# Bonding question for Bubinga in high stress application. EPI?



## Resbum (Mar 8, 2010)

I'm trying my hand at making a rifle stock. I found a piece of 4/4 Bubinga that I want to use. It has good grain and no sap pockets, so it's a good candidate for laminating together to get the 2 1/2" I need.

I've never put a lot of research into adhesives before, but this is going to be my all-purpose rifle that I keep for the rest of my life so I'm putting extra effort into doing it the best I can.

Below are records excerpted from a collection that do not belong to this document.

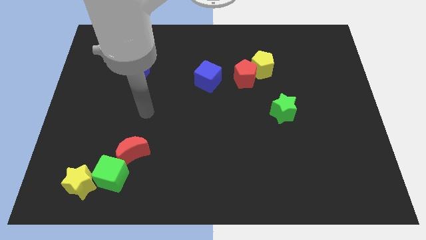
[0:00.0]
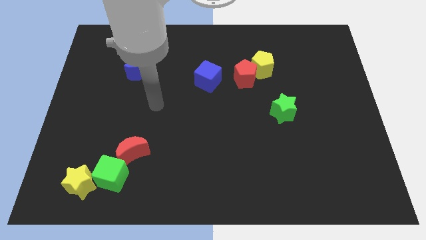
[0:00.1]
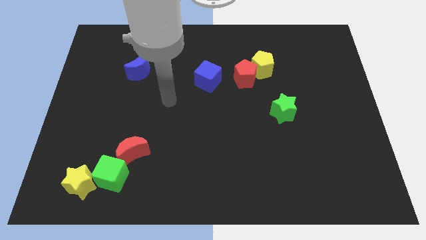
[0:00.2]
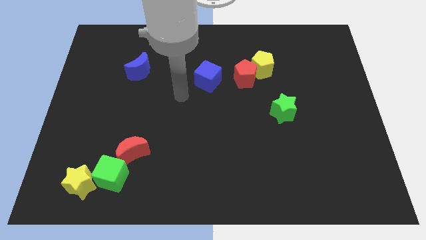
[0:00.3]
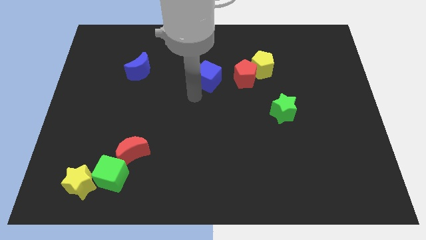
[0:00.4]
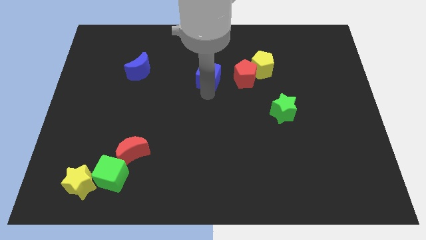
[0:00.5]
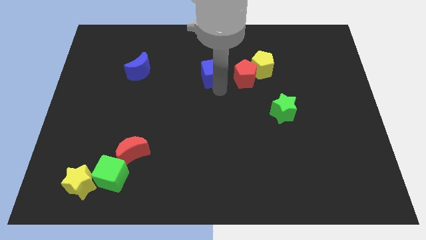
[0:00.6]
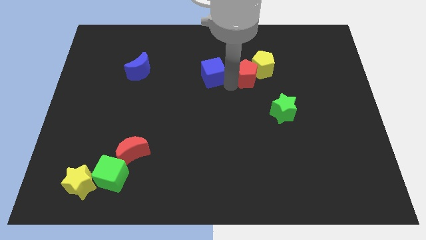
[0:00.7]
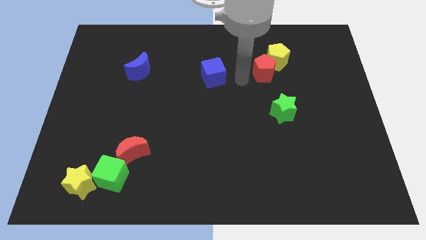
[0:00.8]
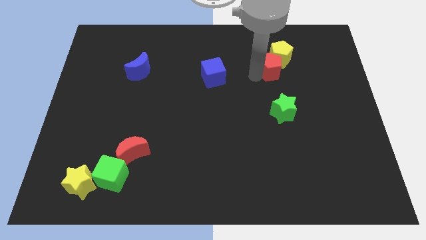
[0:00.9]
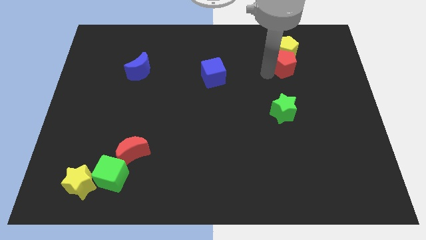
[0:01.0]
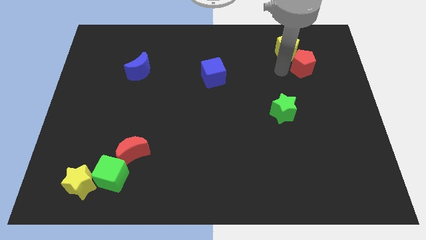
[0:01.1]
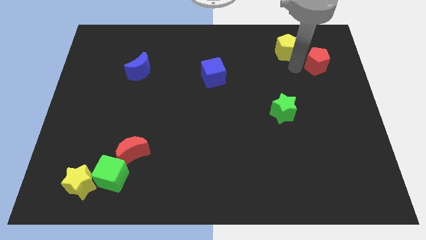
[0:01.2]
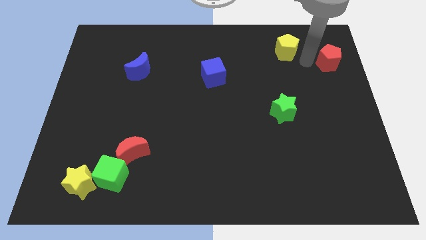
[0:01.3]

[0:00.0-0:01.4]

From all I've read over the last week Emulsion Polymer Isocyanate (*EPI*) adhesive would be the best choice to laminate the three pieces of bubinga together. I need something that will handle the stress of rough turning the blank, that bonds well to exotic hardwoods, is pretty much weather proof, is proven to last, can handle both large temperature and humidity changes, can handle repeated shocks from the 30.06 recoil, can be cold press clamped, and has an invisible glue line.

EPI adhesive fits all of those requirements.

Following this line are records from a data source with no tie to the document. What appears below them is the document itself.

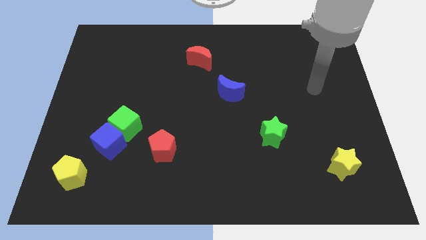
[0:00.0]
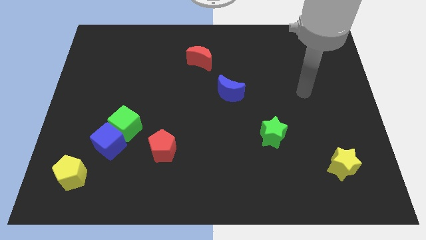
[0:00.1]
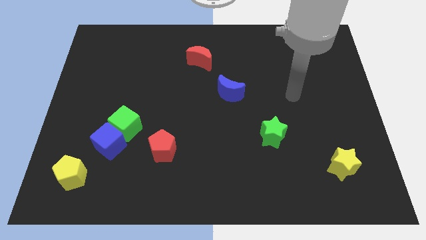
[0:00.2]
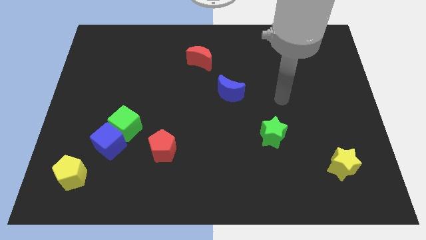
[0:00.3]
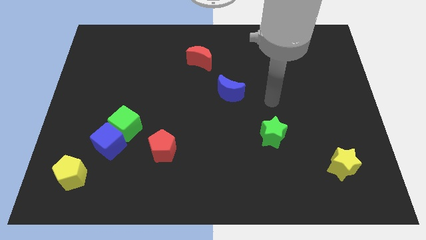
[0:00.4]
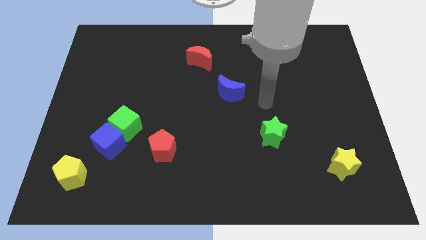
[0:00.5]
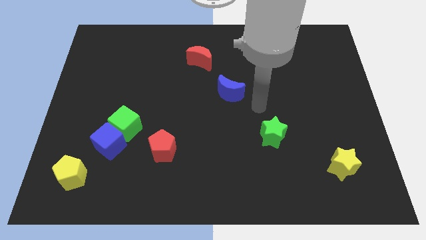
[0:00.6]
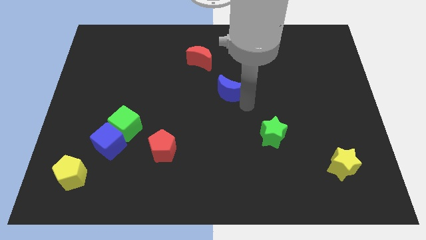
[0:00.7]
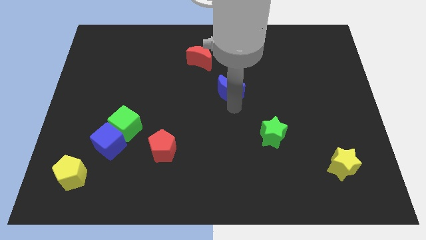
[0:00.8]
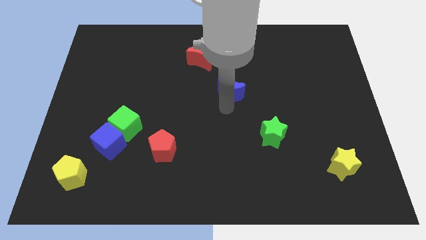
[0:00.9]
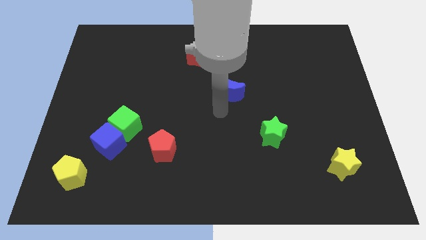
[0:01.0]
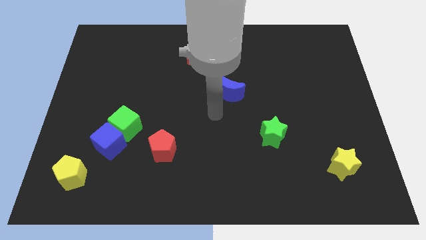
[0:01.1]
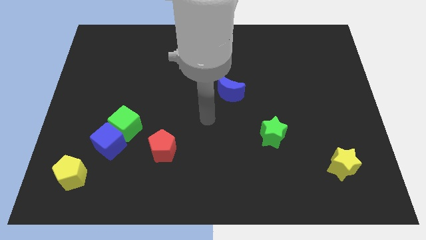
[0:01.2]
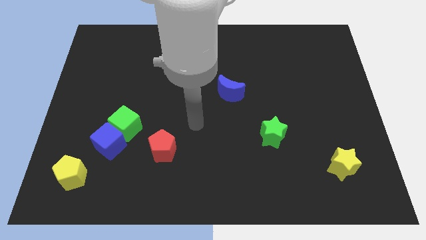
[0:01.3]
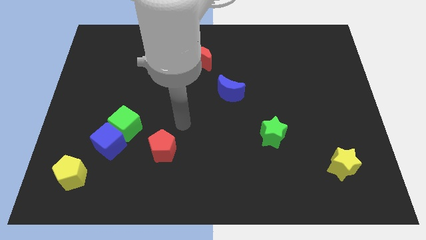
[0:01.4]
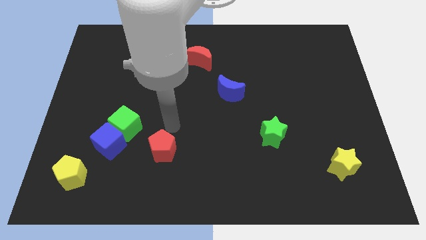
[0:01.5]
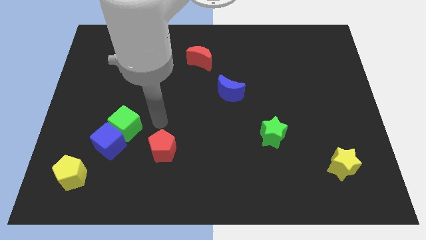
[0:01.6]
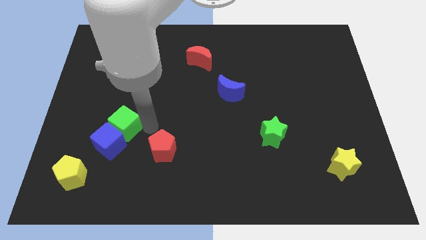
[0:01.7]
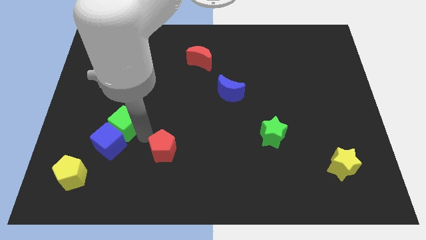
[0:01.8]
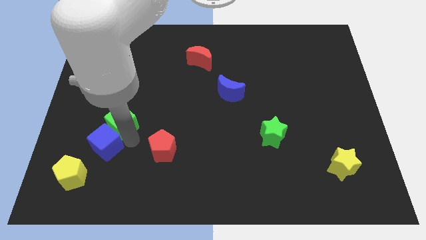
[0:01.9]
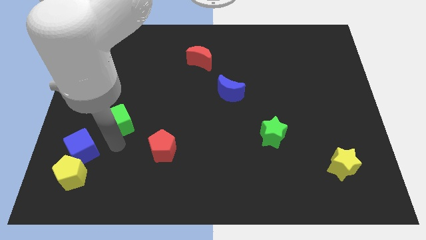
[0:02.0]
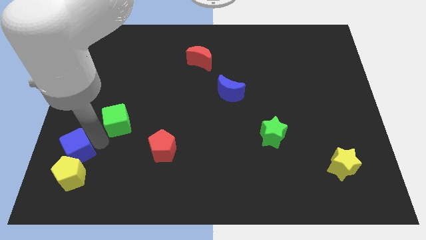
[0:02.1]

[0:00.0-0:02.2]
pull the green cube apart from the blue cube

The problem is I can't find it anywhere in the U.S. in retail quantities, and I've put a large amount of effort into finding it. Correction, I found one source and they wanted $192.50 for the (two) quart mixture. I did find several sources for it in European (UK) websites.

Questions:

Does anyone know where to get retail quantities in the states?

If not, does anyone know where I might be able to get some from a non-standard source?

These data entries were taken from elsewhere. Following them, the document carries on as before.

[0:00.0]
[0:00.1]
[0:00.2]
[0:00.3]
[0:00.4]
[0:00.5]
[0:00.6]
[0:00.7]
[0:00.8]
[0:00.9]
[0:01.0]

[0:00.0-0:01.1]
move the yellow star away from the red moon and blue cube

If I can't find any, what are peoples recommendations for an alternative adhesive for my application?

Any other answers to questions I may not be thinking of or asking.

I really need to find something to use by Thursday. Thursday afternoon I'll have access to a vacuum clamp and all the mechanical clamps I could dream of, and I'll be able to leave it clamped through Sunday. I'm not going to get a better opportunity to do it.

I'm getting kind of desperate here.

If you do recommend an alternative could you please try to justify your choice meeting the requirements I've listed above. I'm learning about adhesives as I go along.

I greatly appreciate any input people may have.

Resbum


----------



## woodnthings (Jan 24, 2009)

*Have you looked here?*

http://www.adhesivewarehouse.com/
:blink: bill


----------



## Texas Sawduster (Apr 27, 2009)

*Hhhhmmm*

Well, since I have not come across this type of situation as of yet, I don't have anything to offer except the traditional glues. I have some Hondoura Mahogany in short lengths and wanted to make a rifle stock as well. I have not investigated adhesives/glues as of yet. Let us know how this works for ya.


----------



## frankp (Oct 29, 2007)

For what it's worth, standard wood glue will do all the things you listed above as necessary features. If not that, then any 2 part epoxy (MAS, System 3, whatever) will also work just fine. Other than recoil shock, standard wood glue and epoxy go through the environmentals you listed pretty regularly, and I suspect you'll find there are plenty of stocks glued up with yellow wood glues, all over the place.


----------



## phinds (Mar 25, 2009)

I agree w/ Frank ... don't see why you need some expensive specialty glue. I do think, however, that you should use TiteBond III instead of just plain old yellow, because of it's better properties outdoors. Also, be careful to not overclamp and squeeze out so much of the glue that you weaken the joint. I made that mistake when I first started --- thought that tight clamping meant a good joint but I overdid it.

Paul


----------



## Resbum (Mar 8, 2010)

Thanks Woodnthings, Tex, Frank, and Paul,

Tex, I'll let you know the outcome.

Frank and Paul, thanks for the input. I was keeping epoxy and Titebond III as my alternatives. I found a supplier who said he may be able to get me a "sample" quantity of the EPI. I thought that was pretty decent of him to try. It appears the EPI is pretty much an industrial adhesive and generally sold in "Large" quantities. 

If that doesn't work out I'll be using the Titebond III. I spoke with one of the engineers at Franklin today and he gave his absolute support of Titebond II or III for my application. It turned out he was also the engineer who developed the clamping pressure numbers for the Franklin EPI I want to use and he helped me figure out how many clamps I'll need for the square area of my blank if I can get the EPI from the supplier.

Resbum


----------



## IdaCurt (Jan 5, 2010)

I use bubinga in bow building and use a product called Smooth-on epoxy,it's two part and works very well for high stress situations.

here you go http://www.binghamprojects.com/proddetail.php?prod=4063


----------



## Resbum (Mar 8, 2010)

Thanks for that very good info IdaCurt.:thumbsup:

Resbum


----------



## IdaCurt (Jan 5, 2010)

Your welcome,I never had a glue line failure using Smooth-on.

Prep mating surfaces very good with acetone as bubinga has natural oils.


----------